* **Brief**: Using the data below, count the lines where "text" appears, and answer with the number alone.

* **Data items**:

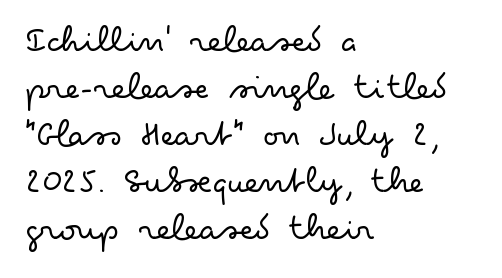
Q: Is the text bold? A: No.
Q: Is the text italic (slanted)? A: No, it is upright.
Q: Is the typeface a serif or a sans-serif typeface? A: Sans-serif.
Q: Is the text underlined? A: No.
Q: How is the paragraph aligned? A: Left-aligned.
Q: Is the spacing between letters normal or unusually wide? A: Normal.
Q: Width (condensed, normal, or wide)? A: Wide.
Q: Stroke contrast? A: Low.
Q: x-height? A: Small.
Q: Monospaced? A: No.
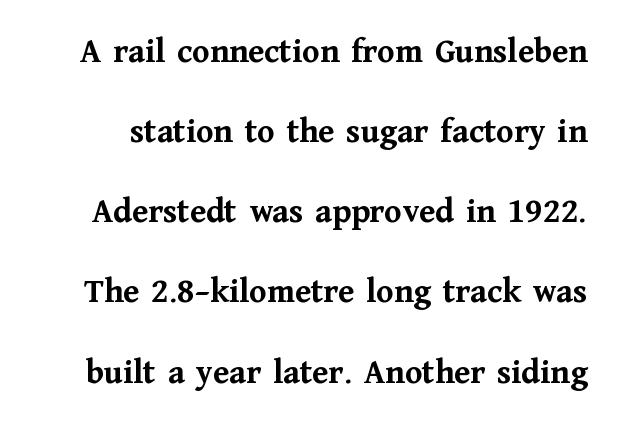
{"serif": "yes", "italic": "no", "bold": "yes", "weight": "semibold", "width": "normal", "stroke_contrast": "medium", "x_height": "medium", "monospaced": "no", "underline": "no", "line_spacing": "loose", "line_spacing_ratio": 2.29, "letter_spacing": "normal", "letter_spacing_em": 0.0, "glyph_px": 35}

* **Exercise output**: 3